Önceki dönemlerdeki tüm yasalar beyaz, batılı, orta sınıf kadınların haklarına yönelikti. Bu dönemde savununun öne çıkan başlıkları:
Çeşitlilik kapsayıcılık: Her türlü din, dil, ırk etnisite engellilik, cinsiyet kimliği ve farklılıklarını görünür kılmak
Kimlik ve bireysellik: “Her kadının deneyimi farklıdır” anlayışı
Cinsiyetin sorgulanması: Kadın-erkek ikiliği (binary) yerine cinsiyetin toplumsal olarak inşa edildiği ve akışkan olduğunun vurgulanması
Popüler kültürle ilişki: Mücadelenin yalnızca akademik ve politik alanda değil, müzik, sanat, moda ve medya üzerinden de yürütülmesi olarak özetlenebilir.
Dördüncü Dalga feminizm ise 2010’lu yıllardan başlayarak günümüze kadar gelen internet ve sosyal medya ile şekillenen harekettir. Önceki tüm halkaların hayata geçirilemeyen bütün alanlarının değiştirilmesi sürecidir.. Sosyal Medyayı kullanımı hareketin yaygınlaştırılmasını ve hızlanmasını sağlar. Şeffaflık ve hesap sorulabilirlik: Medya, iş dünyası, akademi gibi alanlarda cinsiyetçi yapıları ifşa etmeyi görev bilir.
Bu hareketlerin en yaygını hepinizin yakından tanıdığı Me Too hareketidir. Hepimizin yakından takip ettiği Jeffrey Epstein dosyası ise kadına yönelik tacizin sınıfsal ve ekonomik boyutu olmadığının çarpıcı bir örneğidir. İngiltere Kraliçesi’nin kardeşi Prens Andrew, ABD Başkanı Donald Trump, dünyanın en büyük teknoloji devi ve en zengin insanlarından Elon Musk’ın adı dosyadaki belgelerde geçmektedir.

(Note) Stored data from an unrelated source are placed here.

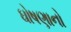
ઘોષણાનો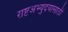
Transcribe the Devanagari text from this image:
राष्टअभ्युदयासाठी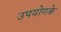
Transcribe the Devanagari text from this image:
उपयोगके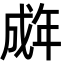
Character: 𫻽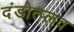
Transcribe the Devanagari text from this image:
दंडोत्प्लव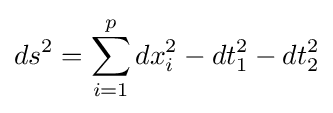
ds^{2}=\sum _{i=1}^{p}dx_{i}^{2}-dt_{1}^{2}-dt_{2}^{2}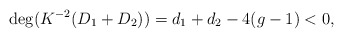
\begin{align*}\deg(K^{-2}(D_1+D_2)) = d_1+d_2-4(g-1)<0,\end{align*}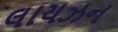
લાયઝન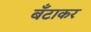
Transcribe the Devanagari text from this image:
बँटाकर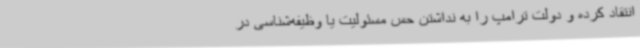
انتقاد کرده و دولت ترامپ را به نداشتن حس مسئولیت یا وظیفه‌شناسی در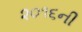
૨૦૧૬ની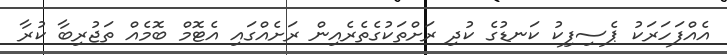
އެއްފަހަރަކު ޕެސިފިކު ކަނޑުގެ ކުދި ރަށްތަކުގެތެރެއިން ރަށެއްގައި އެޓޮމް ބޮމެއް ތަޖުރިބާ ކުރާ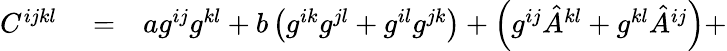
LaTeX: \begin{array}{rlr}{C^{ijkl}}&{{}=}&{ag^{ij}g^{kl}+b\left(g^{ik}g^{jl}+g^{il}g^{jk}\right)+\left(g^{ij}{\hat{A}}^{kl}+g^{kl}{\hat{A}}^{ij}\right)+}\end{array}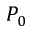
P _ { 0 }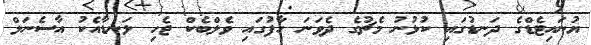
ޔުނައިޓެޑްގެ ދަނޑުގައި ކުޅުނު މެޗުގެ ދެވަނަ ހާފުގައި ވެލްބެކް ޖެހި ލަނޑާއެކު އާސެނަލް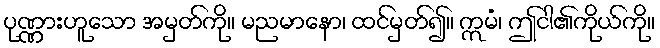
ပုဏ္ဏားဟူသော အမှတ်ကို။ မညမာနော၊ ထင်မှတ်၍။ ဣမံ၊ ဤငါ၏ကိုယ်ကို။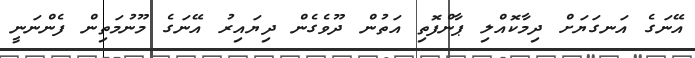
އޭނަގެ އަނގަޔަށް ދިމާކޮއްލި ޕާންފޮތި އަތުން ދޫވެގެން ދިޔައިރު އޭނަގެ މޫނުމަތިން ފެންނަނީ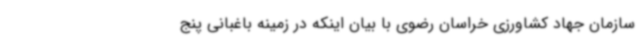
سازمان جهاد کشاورزی خراسان رضوی با بیان اینکه در زمینه باغبانی پنج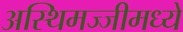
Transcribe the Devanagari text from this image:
अस्थिमज्जीमध्ये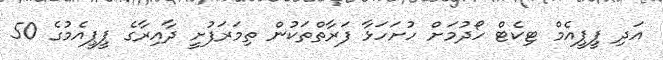
އަދި ޕީޕީއެމް ޓިކެޓް ހޯދުމަށް ހުށަހަޅާ ފަރާތްތަކުން ތިމަރަފުށީ ދާއިރާގެ ޕީޕީއެމުގެ 50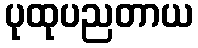
ပုထုပညတာယ
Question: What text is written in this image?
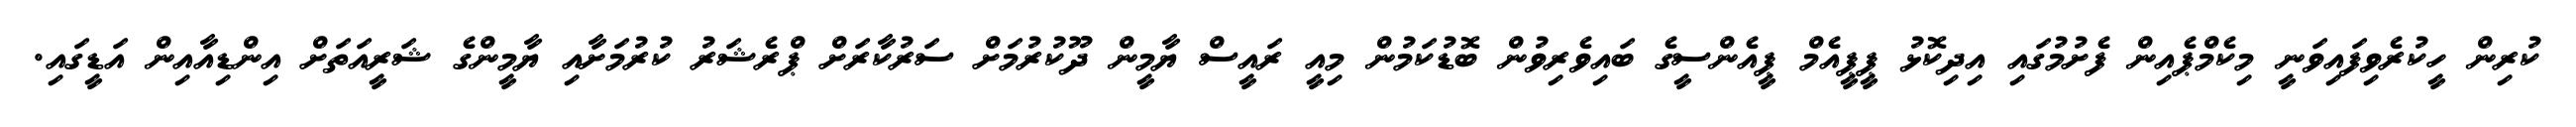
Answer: ކުރިން ހީކުރެވިފައިވަނީ މިކެމްޕެއިން ފެށުމުގައި އިދިކޮޅު ޕީޕީއެމް ޕީއެންސީގެ ބައިވެރިވުން ބޮޑުކަމުން މިއީ ރައީސް ޔާމީން ދޫކުރުމަށް ސަރުކާރަށް ޕްރެޝަރު ކުރުމަށާއި ޔާމީންގެ ޝަރީއަތަށް އިންޑިއާއިން އަޑީގައި.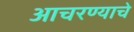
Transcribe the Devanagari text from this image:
आचरण्याचे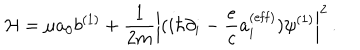
{ \cal H } = \mu a _ { 0 } b ^ { ( 1 ) } + { \frac { 1 } { 2 m } } \left| ( i \hbar \partial _ { i } - { \frac { e } { c } } a _ { i } ^ { ( \mathrm { e f f } ) } ) \psi ^ { ( 1 ) } \right| ^ { 2 } \, .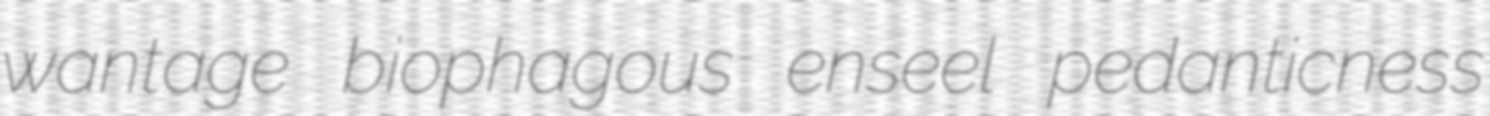
wantage biophagous enseel pedanticness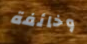
وخائفة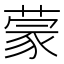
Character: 蒙

Basit anlatımla Kadın – Erkek Eşitliği, Fransız devrimiyle yani 18. Yy.’ın sonlarında başlamış ve günümüze kadar hızla gelişen bir harekettir. Toplam 135 Yıl. Ataerkilliğin milattan önce iki binli yıllarda başladığının altını çizersek hareket çok kısa bir zamanda çok hızlı bir ivme kazanmıştır.
Hele hele tamamlayıcı esas yasal düzenlemelerin 20. Yy’ın ikinci yarısında yapıldığını bilince; Toplam sadece 35 yıl. Harekete emeklerini vermiş, hayatlarını kaybetmiş tüm kadınlara ve yakın tarihimizde onları destekleyen tüm erkeklere saygılarımızı sunmamak elde değil.
Bir sonraki ve son yazımda ülkemizdeki tarihsel gelişimi ele alarak bu seriyi tamamlayacağım.
Bu yazımı da çağımıza damga vurmuş ve yakın zamanda kaybettiğimiz feminist yazar bell hooks’un sözleriyle sonlandırayım.
“Eğer herhangi bir kadın, varoluşunu meşrulaştırmak ve doğrulamak için kendisinden başka bir şeye ihtiyaç duyduğunu hissederse, kendini tanımlama gücünü, kendi inisiyatifini çoktan vermiş demektir.”